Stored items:
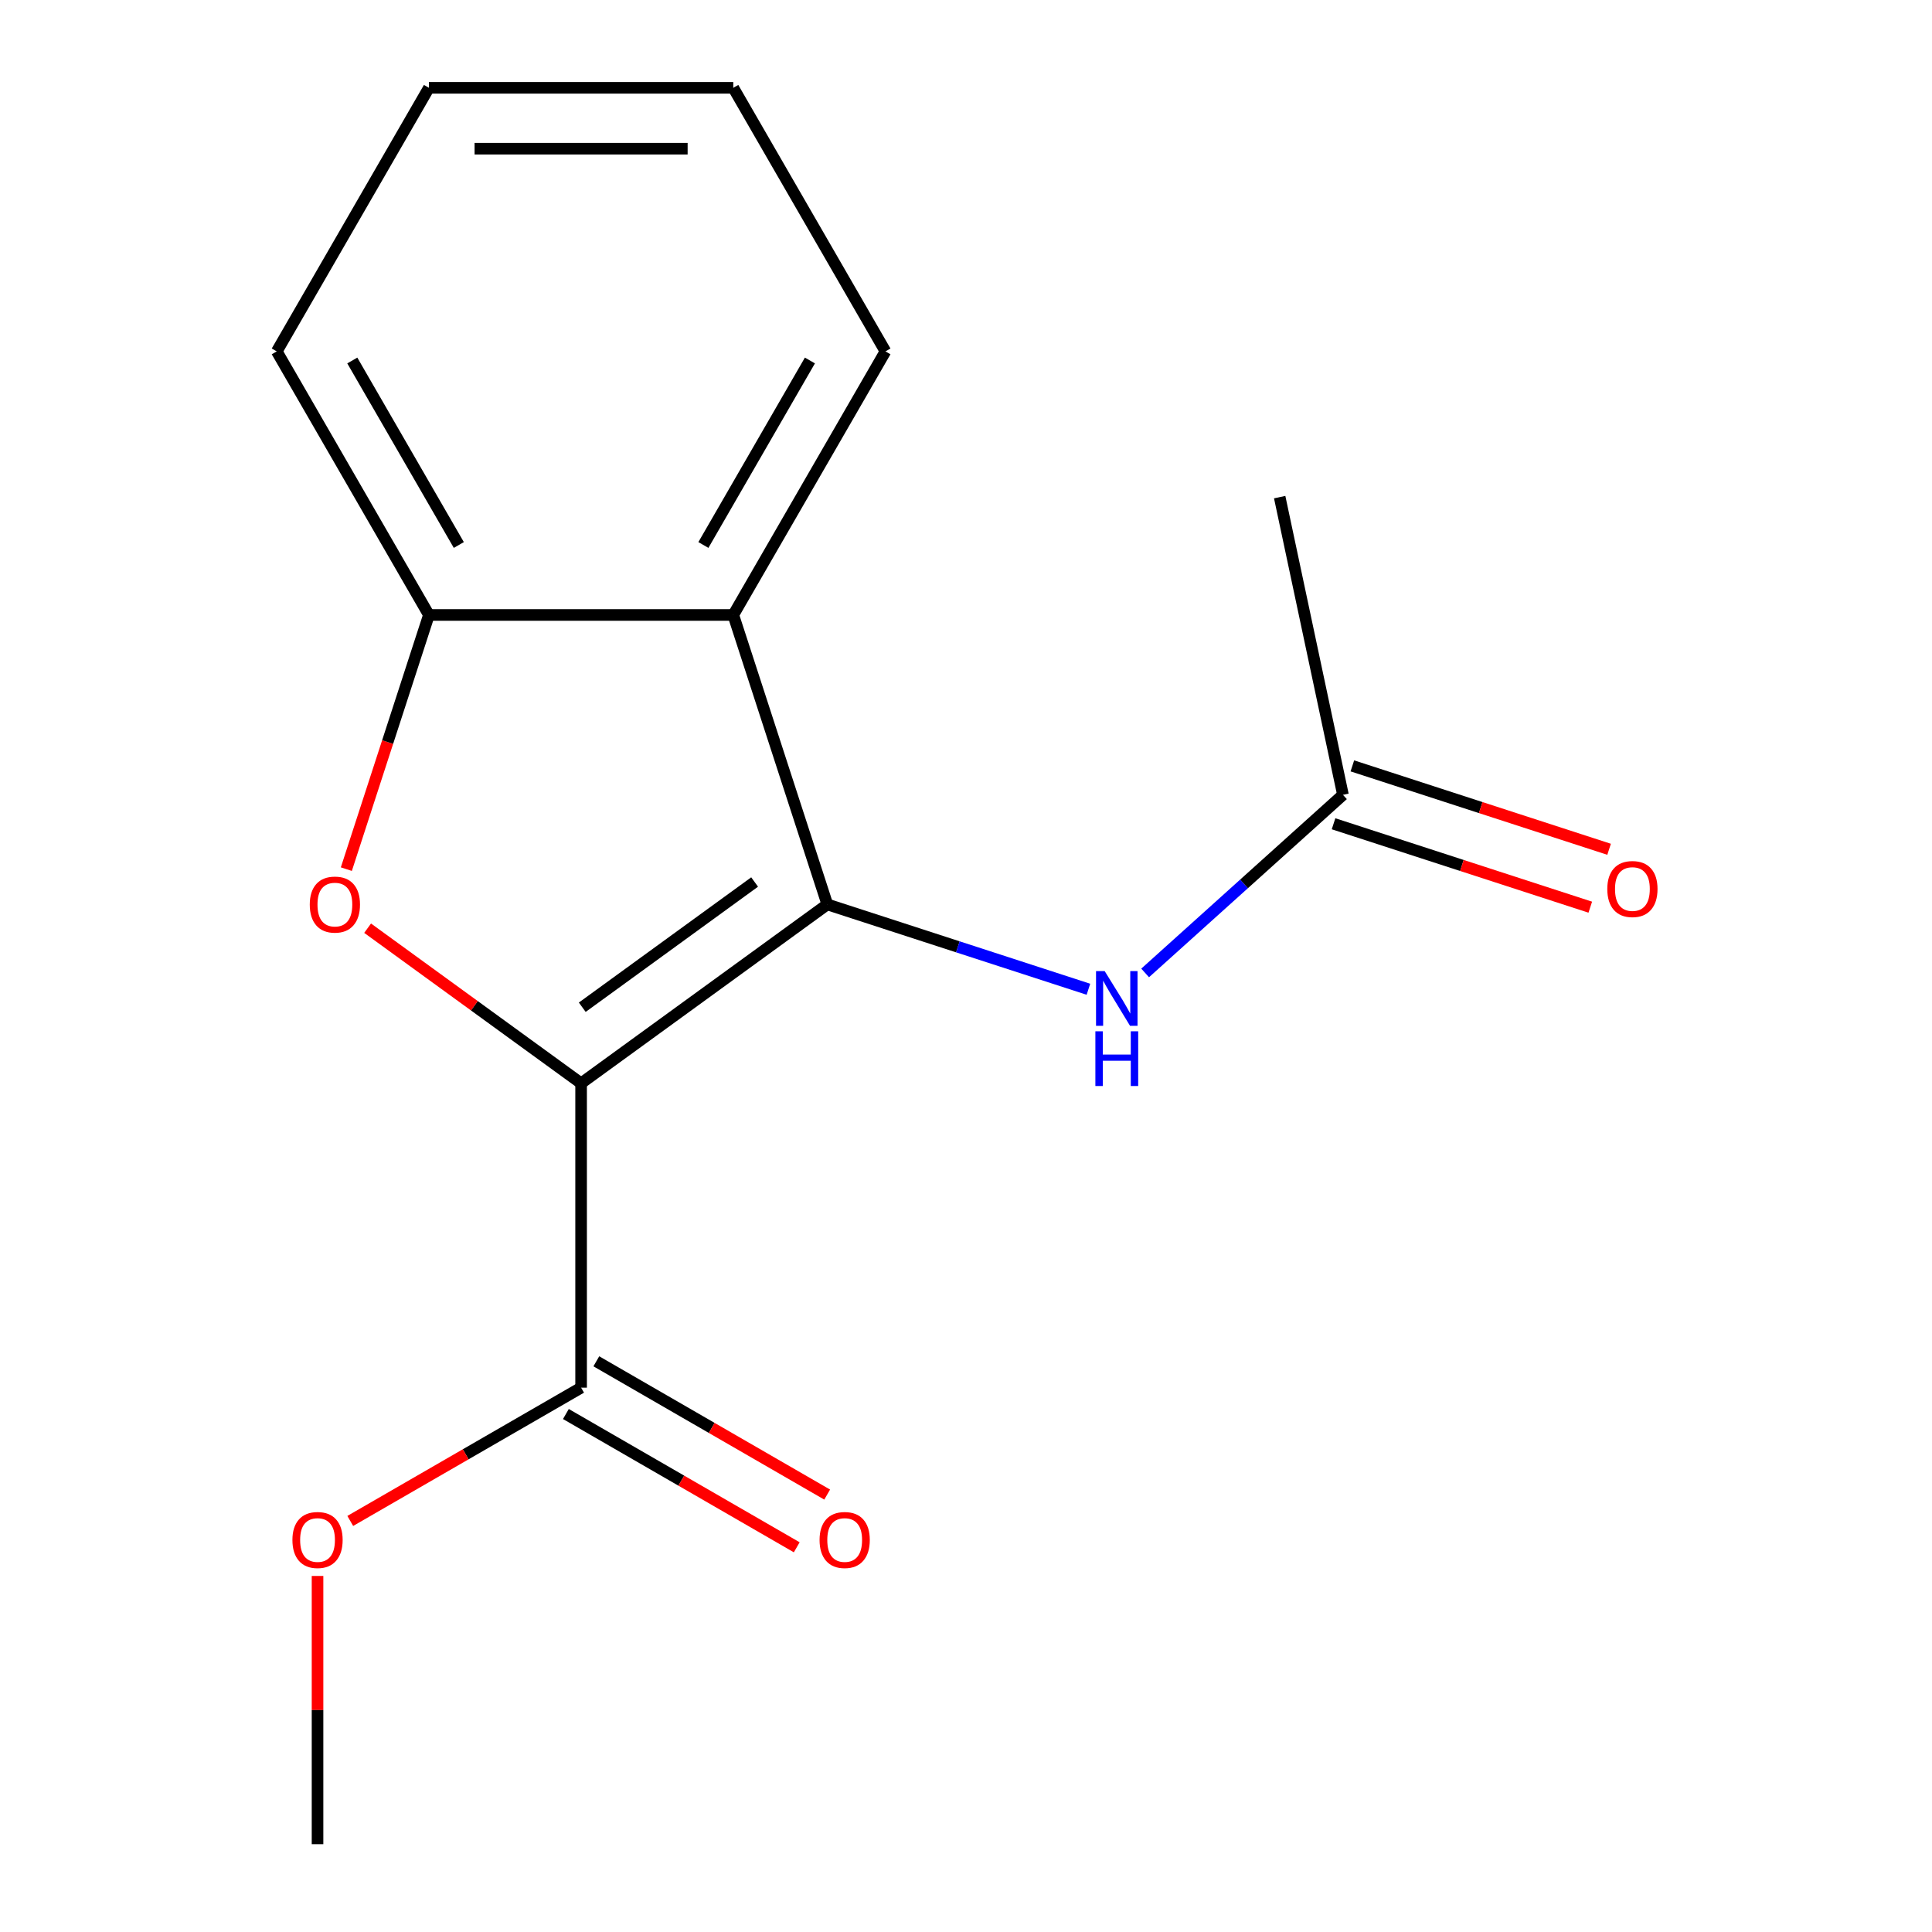 <?xml version='1.0' encoding='iso-8859-1'?>
<svg version='1.1' baseProfile='full'
              xmlns='http://www.w3.org/2000/svg'
                      xmlns:rdkit='http://www.rdkit.org/xml'
                      xmlns:xlink='http://www.w3.org/1999/xlink'
                  xml:space='preserve'
width='1000px' height='1000px' viewBox='0 0 1000 1000'>
<!-- END OF HEADER -->
<rect style='opacity:1.0;fill:#FFFFFF;stroke:none' width='1000' height='1000' x='0' y='0'> </rect>
<path class='bond-0' d='M 300.779,560.72 L 428.224,468.125' style='fill:none;fill-rule:evenodd;stroke:#000000;stroke-width:6px;stroke-linecap:butt;stroke-linejoin:miter;stroke-opacity:1' />
<path class='bond-0' d='M 301.377,521.341 L 390.589,456.526' style='fill:none;fill-rule:evenodd;stroke:#000000;stroke-width:6px;stroke-linecap:butt;stroke-linejoin:miter;stroke-opacity:1' />
<path class='bond-1' d='M 300.779,560.72 L 245.526,520.576' style='fill:none;fill-rule:evenodd;stroke:#000000;stroke-width:6px;stroke-linecap:butt;stroke-linejoin:miter;stroke-opacity:1' />
<path class='bond-1' d='M 245.526,520.576 L 190.273,480.432' style='fill:none;fill-rule:evenodd;stroke:#FF0000;stroke-width:6px;stroke-linecap:butt;stroke-linejoin:miter;stroke-opacity:1' />
<path class='bond-4' d='M 300.779,560.72 L 300.779,718.25' style='fill:none;fill-rule:evenodd;stroke:#000000;stroke-width:6px;stroke-linecap:butt;stroke-linejoin:miter;stroke-opacity:1' />
<path class='bond-2' d='M 428.224,468.125 L 379.545,318.305' style='fill:none;fill-rule:evenodd;stroke:#000000;stroke-width:6px;stroke-linecap:butt;stroke-linejoin:miter;stroke-opacity:1' />
<path class='bond-5' d='M 428.224,468.125 L 495.795,490.081' style='fill:none;fill-rule:evenodd;stroke:#000000;stroke-width:6px;stroke-linecap:butt;stroke-linejoin:miter;stroke-opacity:1' />
<path class='bond-5' d='M 495.795,490.081 L 563.366,512.036' style='fill:none;fill-rule:evenodd;stroke:#0000FF;stroke-width:6px;stroke-linecap:butt;stroke-linejoin:miter;stroke-opacity:1' />
<path class='bond-3' d='M 179.267,449.867 L 200.641,384.086' style='fill:none;fill-rule:evenodd;stroke:#FF0000;stroke-width:6px;stroke-linecap:butt;stroke-linejoin:miter;stroke-opacity:1' />
<path class='bond-3' d='M 200.641,384.086 L 222.014,318.305' style='fill:none;fill-rule:evenodd;stroke:#000000;stroke-width:6px;stroke-linecap:butt;stroke-linejoin:miter;stroke-opacity:1' />
<path class='bond-10' d='M 379.545,318.305 L 458.31,181.88' style='fill:none;fill-rule:evenodd;stroke:#000000;stroke-width:6px;stroke-linecap:butt;stroke-linejoin:miter;stroke-opacity:1' />
<path class='bond-10' d='M 364.074,282.088 L 419.21,186.591' style='fill:none;fill-rule:evenodd;stroke:#000000;stroke-width:6px;stroke-linecap:butt;stroke-linejoin:miter;stroke-opacity:1' />
<path class='bond-16' d='M 379.545,318.305 L 222.014,318.305' style='fill:none;fill-rule:evenodd;stroke:#000000;stroke-width:6px;stroke-linecap:butt;stroke-linejoin:miter;stroke-opacity:1' />
<path class='bond-11' d='M 222.014,318.305 L 143.249,181.88' style='fill:none;fill-rule:evenodd;stroke:#000000;stroke-width:6px;stroke-linecap:butt;stroke-linejoin:miter;stroke-opacity:1' />
<path class='bond-11' d='M 237.485,282.088 L 182.349,186.591' style='fill:none;fill-rule:evenodd;stroke:#000000;stroke-width:6px;stroke-linecap:butt;stroke-linejoin:miter;stroke-opacity:1' />
<path class='bond-7' d='M 292.903,731.892 L 352.646,766.385' style='fill:none;fill-rule:evenodd;stroke:#000000;stroke-width:6px;stroke-linecap:butt;stroke-linejoin:miter;stroke-opacity:1' />
<path class='bond-7' d='M 352.646,766.385 L 412.39,800.878' style='fill:none;fill-rule:evenodd;stroke:#FF0000;stroke-width:6px;stroke-linecap:butt;stroke-linejoin:miter;stroke-opacity:1' />
<path class='bond-7' d='M 308.656,704.607 L 368.4,739.1' style='fill:none;fill-rule:evenodd;stroke:#000000;stroke-width:6px;stroke-linecap:butt;stroke-linejoin:miter;stroke-opacity:1' />
<path class='bond-7' d='M 368.4,739.1 L 428.143,773.593' style='fill:none;fill-rule:evenodd;stroke:#FF0000;stroke-width:6px;stroke-linecap:butt;stroke-linejoin:miter;stroke-opacity:1' />
<path class='bond-9' d='M 300.779,718.25 L 241.036,752.743' style='fill:none;fill-rule:evenodd;stroke:#000000;stroke-width:6px;stroke-linecap:butt;stroke-linejoin:miter;stroke-opacity:1' />
<path class='bond-9' d='M 241.036,752.743 L 181.292,787.236' style='fill:none;fill-rule:evenodd;stroke:#FF0000;stroke-width:6px;stroke-linecap:butt;stroke-linejoin:miter;stroke-opacity:1' />
<path class='bond-6' d='M 592.723,503.589 L 643.918,457.493' style='fill:none;fill-rule:evenodd;stroke:#0000FF;stroke-width:6px;stroke-linecap:butt;stroke-linejoin:miter;stroke-opacity:1' />
<path class='bond-6' d='M 643.918,457.493 L 695.112,411.397' style='fill:none;fill-rule:evenodd;stroke:#000000;stroke-width:6px;stroke-linecap:butt;stroke-linejoin:miter;stroke-opacity:1' />
<path class='bond-8' d='M 690.244,426.379 L 756.685,447.967' style='fill:none;fill-rule:evenodd;stroke:#000000;stroke-width:6px;stroke-linecap:butt;stroke-linejoin:miter;stroke-opacity:1' />
<path class='bond-8' d='M 756.685,447.967 L 823.127,469.555' style='fill:none;fill-rule:evenodd;stroke:#FF0000;stroke-width:6px;stroke-linecap:butt;stroke-linejoin:miter;stroke-opacity:1' />
<path class='bond-8' d='M 699.98,396.415 L 766.421,418.003' style='fill:none;fill-rule:evenodd;stroke:#000000;stroke-width:6px;stroke-linecap:butt;stroke-linejoin:miter;stroke-opacity:1' />
<path class='bond-8' d='M 766.421,418.003 L 832.862,439.591' style='fill:none;fill-rule:evenodd;stroke:#FF0000;stroke-width:6px;stroke-linecap:butt;stroke-linejoin:miter;stroke-opacity:1' />
<path class='bond-12' d='M 695.112,411.397 L 662.36,257.309' style='fill:none;fill-rule:evenodd;stroke:#000000;stroke-width:6px;stroke-linecap:butt;stroke-linejoin:miter;stroke-opacity:1' />
<path class='bond-13' d='M 164.354,815.713 L 164.354,885.129' style='fill:none;fill-rule:evenodd;stroke:#FF0000;stroke-width:6px;stroke-linecap:butt;stroke-linejoin:miter;stroke-opacity:1' />
<path class='bond-13' d='M 164.354,885.129 L 164.354,954.545' style='fill:none;fill-rule:evenodd;stroke:#000000;stroke-width:6px;stroke-linecap:butt;stroke-linejoin:miter;stroke-opacity:1' />
<path class='bond-14' d='M 458.31,181.88 L 379.545,45.455' style='fill:none;fill-rule:evenodd;stroke:#000000;stroke-width:6px;stroke-linecap:butt;stroke-linejoin:miter;stroke-opacity:1' />
<path class='bond-15' d='M 143.249,181.88 L 222.014,45.455' style='fill:none;fill-rule:evenodd;stroke:#000000;stroke-width:6px;stroke-linecap:butt;stroke-linejoin:miter;stroke-opacity:1' />
<path class='bond-17' d='M 379.545,45.455 L 222.014,45.455' style='fill:none;fill-rule:evenodd;stroke:#000000;stroke-width:6px;stroke-linecap:butt;stroke-linejoin:miter;stroke-opacity:1' />
<path class='bond-17' d='M 355.915,76.961 L 245.644,76.961' style='fill:none;fill-rule:evenodd;stroke:#000000;stroke-width:6px;stroke-linecap:butt;stroke-linejoin:miter;stroke-opacity:1' />
<path  class='atom-2' d='M 160.335 468.205
Q 160.335 461.405, 163.695 457.605
Q 167.055 453.805, 173.335 453.805
Q 179.615 453.805, 182.975 457.605
Q 186.335 461.405, 186.335 468.205
Q 186.335 475.085, 182.935 479.005
Q 179.535 482.885, 173.335 482.885
Q 167.095 482.885, 163.695 479.005
Q 160.335 475.125, 160.335 468.205
M 173.335 479.685
Q 177.655 479.685, 179.975 476.805
Q 182.335 473.885, 182.335 468.205
Q 182.335 462.645, 179.975 459.845
Q 177.655 457.005, 173.335 457.005
Q 169.015 457.005, 166.655 459.805
Q 164.335 462.605, 164.335 468.205
Q 164.335 473.925, 166.655 476.805
Q 169.015 479.685, 173.335 479.685
' fill='#FF0000'/>
<path  class='atom-6' d='M 571.785 502.645
L 581.065 517.645
Q 581.985 519.125, 583.465 521.805
Q 584.945 524.485, 585.025 524.645
L 585.025 502.645
L 588.785 502.645
L 588.785 530.965
L 584.905 530.965
L 574.945 514.565
Q 573.785 512.645, 572.545 510.445
Q 571.345 508.245, 570.985 507.565
L 570.985 530.965
L 567.305 530.965
L 567.305 502.645
L 571.785 502.645
' fill='#0000FF'/>
<path  class='atom-6' d='M 566.965 533.797
L 570.805 533.797
L 570.805 545.837
L 585.285 545.837
L 585.285 533.797
L 589.125 533.797
L 589.125 562.117
L 585.285 562.117
L 585.285 549.037
L 570.805 549.037
L 570.805 562.117
L 566.965 562.117
L 566.965 533.797
' fill='#0000FF'/>
<path  class='atom-8' d='M 424.205 797.095
Q 424.205 790.295, 427.565 786.495
Q 430.925 782.695, 437.205 782.695
Q 443.485 782.695, 446.845 786.495
Q 450.205 790.295, 450.205 797.095
Q 450.205 803.975, 446.805 807.895
Q 443.405 811.775, 437.205 811.775
Q 430.965 811.775, 427.565 807.895
Q 424.205 804.015, 424.205 797.095
M 437.205 808.575
Q 441.525 808.575, 443.845 805.695
Q 446.205 802.775, 446.205 797.095
Q 446.205 791.535, 443.845 788.735
Q 441.525 785.895, 437.205 785.895
Q 432.885 785.895, 430.525 788.695
Q 428.205 791.495, 428.205 797.095
Q 428.205 802.815, 430.525 805.695
Q 432.885 808.575, 437.205 808.575
' fill='#FF0000'/>
<path  class='atom-9' d='M 831.933 460.156
Q 831.933 453.356, 835.293 449.556
Q 838.653 445.756, 844.933 445.756
Q 851.213 445.756, 854.573 449.556
Q 857.933 453.356, 857.933 460.156
Q 857.933 467.036, 854.533 470.956
Q 851.133 474.836, 844.933 474.836
Q 838.693 474.836, 835.293 470.956
Q 831.933 467.076, 831.933 460.156
M 844.933 471.636
Q 849.253 471.636, 851.573 468.756
Q 853.933 465.836, 853.933 460.156
Q 853.933 454.596, 851.573 451.796
Q 849.253 448.956, 844.933 448.956
Q 840.613 448.956, 838.253 451.756
Q 835.933 454.556, 835.933 460.156
Q 835.933 465.876, 838.253 468.756
Q 840.613 471.636, 844.933 471.636
' fill='#FF0000'/>
<path  class='atom-10' d='M 151.354 797.095
Q 151.354 790.295, 154.714 786.495
Q 158.074 782.695, 164.354 782.695
Q 170.634 782.695, 173.994 786.495
Q 177.354 790.295, 177.354 797.095
Q 177.354 803.975, 173.954 807.895
Q 170.554 811.775, 164.354 811.775
Q 158.114 811.775, 154.714 807.895
Q 151.354 804.015, 151.354 797.095
M 164.354 808.575
Q 168.674 808.575, 170.994 805.695
Q 173.354 802.775, 173.354 797.095
Q 173.354 791.535, 170.994 788.735
Q 168.674 785.895, 164.354 785.895
Q 160.034 785.895, 157.674 788.695
Q 155.354 791.495, 155.354 797.095
Q 155.354 802.815, 157.674 805.695
Q 160.034 808.575, 164.354 808.575
' fill='#FF0000'/>
</svg>

Work order -> Could you restate, word for word, the lines above from the one with "<path class='bond-8' d='M 690.244,426.379" to the one with "<path class='bond-12' d='M", both included?

Task answer ->
<path class='bond-8' d='M 690.244,426.379 L 756.685,447.967' style='fill:none;fill-rule:evenodd;stroke:#000000;stroke-width:6px;stroke-linecap:butt;stroke-linejoin:miter;stroke-opacity:1' />
<path class='bond-8' d='M 756.685,447.967 L 823.127,469.555' style='fill:none;fill-rule:evenodd;stroke:#FF0000;stroke-width:6px;stroke-linecap:butt;stroke-linejoin:miter;stroke-opacity:1' />
<path class='bond-8' d='M 699.98,396.415 L 766.421,418.003' style='fill:none;fill-rule:evenodd;stroke:#000000;stroke-width:6px;stroke-linecap:butt;stroke-linejoin:miter;stroke-opacity:1' />
<path class='bond-8' d='M 766.421,418.003 L 832.862,439.591' style='fill:none;fill-rule:evenodd;stroke:#FF0000;stroke-width:6px;stroke-linecap:butt;stroke-linejoin:miter;stroke-opacity:1' />
<path class='bond-12' d='M 695.112,411.397 L 662.36,257.309' style='fill:none;fill-rule:evenodd;stroke:#000000;stroke-width:6px;stroke-linecap:butt;stroke-linejoin:miter;stroke-opacity:1' />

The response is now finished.